**DATA EXCERPTS:**
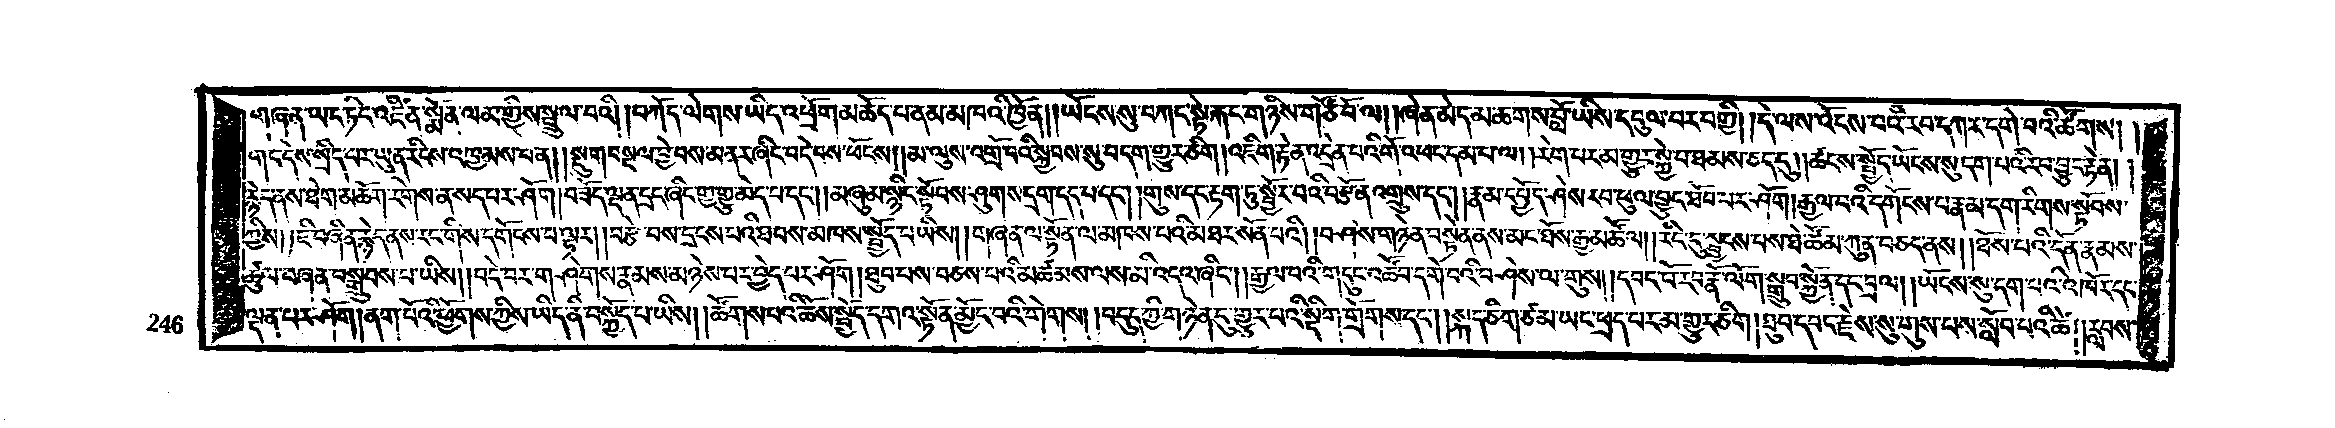གཞན་ཡང་ཏིང་འཛིན་སྨོན་ལམ་གྱིས་སྒྲུལ་བའི། །བཀོད་ལེགས་ཡིད་འཕྲོག་མཆོད་པ་ནམ་མཁའི་ཁྱོན། །ཡོངས་སུ་བཀང་སྟེ་རྐང་གཉིས་གཙོ་བོ་ལ། །ཞེན་མེད་མ་ཆགས་བློ་ཡིས་དབུལ་བར་བགྱི། །དེ་ལས་འོངས་པའི་རབ་དཀར་དགེ་བའི་ཚོགས། །
གང་དེས་སྲིད་པར་ཡུན་རིངས་འཁྱམས་པ་ན། །སྡུག་བསྔལ་བྱེ་བས་མནར་ཞིང་བདེ་བས་ཕོངས། །མ་ལུས་འགྲོ་བའི་སྐྱབས་སུ་བདག་གྱུར་ཅིག །འཇིག་རྟེན་འདྲེན་པའི་གོ་འཕང་དམ་པ་ལ། །རེག་པར་མ་གྱུར་སྐྱེ་བ་ཐམས་ཅད་དུ། །ཚངས་སྤྱོད་ཡོངས་སུ་དག་པའི་རབ་བྱུང་རྟེན། །
རྟེན་ནས་ཐེག་མཆོག་རིགས་ན་སད་པར་ཤོག །བཟོད་ལྡན་དྲང་ཞིང་གྱ་གྱུ་མེད་པ་དང་། །མྮུམ་སྙིང་སྟོབས་ཤུགས་དྲག་དད་པ་དང་། །གུས་དང་རྟག་ཏུ་སྦྱོར་བའི་བརྩོན་འགྲུས་དང་། །རྣམ་དཔྱོད་ཤེས་རབ་ཕུལ་བྱུང་ཐོབ་པར་ཤོག །རྒྱལ་བའི་དགོངས་པ་རྣམ་དག་རིགས་སྟོབས་
ཀྱིས༑ ༑ཇི་བཞིན་རྙེད་ནས་རང་གིས་དགོངས་པ་ལྟར། །བརྩེ་བས་དྲངས་པའི་ཐབས་མཁས་སྤྱོད་པ་ཡིས། །གཞན་ལ་སྟོན་ལ་མཁས་པའི་མཐར་སོན་པའི། །བཤེས་གཉེན་བསྟེན་ནས་མང་ཐོས་རྒྱ་མཚོ་ལ། །རིང་དུ་སྦྱངས་པས་ཐེ་ཚོམ་ཀུན་བཅད་ནས། །ཐོས་པའི་དོན་རྣམས་
ཚུལ་བཞིན་བསྒྲུབས་པ་ཡིས། །བདེ་བར་གཤེགས་རྣམས་མཉེས་པར་བྱེད་པར་ཤོག །ཐུབ་པས་བཅས་པའི་མཚམས་ལས་མི་འདའ་ཞིང་། །རྒྱལ་བའི་གདུང་འཚོབ་དགེ་བའི་བཤེས་ལ་གུས། །དབང་པོ་རབ་རྣོ་ལོག་སྒྲུབ་སྐྱོན་དང་བྲལ། །ཡོངས་སུ་དག་པའི་འཁོར་དང་
ལྡན་པར་ཤོག །ནག་པོའི་ཕྱོགས་ཀྱིས་ཡིད་ནི་བསྐྱོད་པ་ཡིས། །ཚོགས་པའི་ཆོས་སྤྱོད་དགའ་སྟོན་མྱོང་བའི་གེགས། །བདུད་ཀྱི་གཉེན་དུ་གྱུར་བའི་སྡིག་གྲོགས་དང་། །སྐད་ཅིག་ཙམ་ཡང་ཕྲད་པར་མ་གྱུར་ཅིག །ཐུབ་དབང་རྗེས་སུ་གུས་པས་སློབ་པའི་ཚེ། །རླབས་

**HOW TO COMPLETE THIS TASK:**
Retype the records above exactly, leaving every picture out of your copy.

**OUTPUT BELOW:**
གཞན་ཡང་ཏིང་འཛིན་སྨོན་ལམ་གྱིས་སྒྲུལ་བའི། །བཀོད་ལེགས་ཡིད་འཕྲོག་མཆོད་པ་ནམ་མཁའི་ཁྱོན། །ཡོངས་སུ་བཀང་སྟེ་རྐང་གཉིས་གཙོ་བོ་ལ། །ཞེན་མེད་མ་ཆགས་བློ་ཡིས་དབུལ་བར་བགྱི། །དེ་ལས་འོངས་པའི་རབ་དཀར་དགེ་བའི་ཚོགས། །
གང་དེས་སྲིད་པར་ཡུན་རིངས་འཁྱམས་པ་ན། །སྡུག་བསྔལ་བྱེ་བས་མནར་ཞིང་བདེ་བས་ཕོངས། །མ་ལུས་འགྲོ་བའི་སྐྱབས་སུ་བདག་གྱུར་ཅིག །འཇིག་རྟེན་འདྲེན་པའི་གོ་འཕང་དམ་པ་ལ། །རེག་པར་མ་གྱུར་སྐྱེ་བ་ཐམས་ཅད་དུ། །ཚངས་སྤྱོད་ཡོངས་སུ་དག་པའི་རབ་བྱུང་རྟེན། །
རྟེན་ནས་ཐེག་མཆོག་རིགས་ན་སད་པར་ཤོག །བཟོད་ལྡན་དྲང་ཞིང་གྱ་གྱུ་མེད་པ་དང་། །མྮུམ་སྙིང་སྟོབས་ཤུགས་དྲག་དད་པ་དང་། །གུས་དང་རྟག་ཏུ་སྦྱོར་བའི་བརྩོན་འགྲུས་དང་། །རྣམ་དཔྱོད་ཤེས་རབ་ཕུལ་བྱུང་ཐོབ་པར་ཤོག །རྒྱལ་བའི་དགོངས་པ་རྣམ་དག་རིགས་སྟོབས་
ཀྱིས༑ ༑ཇི་བཞིན་རྙེད་ནས་རང་གིས་དགོངས་པ་ལྟར། །བརྩེ་བས་དྲངས་པའི་ཐབས་མཁས་སྤྱོད་པ་ཡིས། །གཞན་ལ་སྟོན་ལ་མཁས་པའི་མཐར་སོན་པའི། །བཤེས་གཉེན་བསྟེན་ནས་མང་ཐོས་རྒྱ་མཚོ་ལ། །རིང་དུ་སྦྱངས་པས་ཐེ་ཚོམ་ཀུན་བཅད་ནས། །ཐོས་པའི་དོན་རྣམས་
ཚུལ་བཞིན་བསྒྲུབས་པ་ཡིས། །བདེ་བར་གཤེགས་རྣམས་མཉེས་པར་བྱེད་པར་ཤོག །ཐུབ་པས་བཅས་པའི་མཚམས་ལས་མི་འདའ་ཞིང་། །རྒྱལ་བའི་གདུང་འཚོབ་དགེ་བའི་བཤེས་ལ་གུས། །དབང་པོ་རབ་རྣོ་ལོག་སྒྲུབ་སྐྱོན་དང་བྲལ། །ཡོངས་སུ་དག་པའི་འཁོར་དང་
ལྡན་པར་ཤོག །ནག་པོའི་ཕྱོགས་ཀྱིས་ཡིད་ནི་བསྐྱོད་པ་ཡིས། །ཚོགས་པའི་ཆོས་སྤྱོད་དགའ་སྟོན་མྱོང་བའི་གེགས། །བདུད་ཀྱི་གཉེན་དུ་གྱུར་བའི་སྡིག་གྲོགས་དང་། །སྐད་ཅིག་ཙམ་ཡང་ཕྲད་པར་མ་གྱུར་ཅིག །ཐུབ་དབང་རྗེས་སུ་གུས་པས་སློབ་པའི་ཚེ། །རླབས་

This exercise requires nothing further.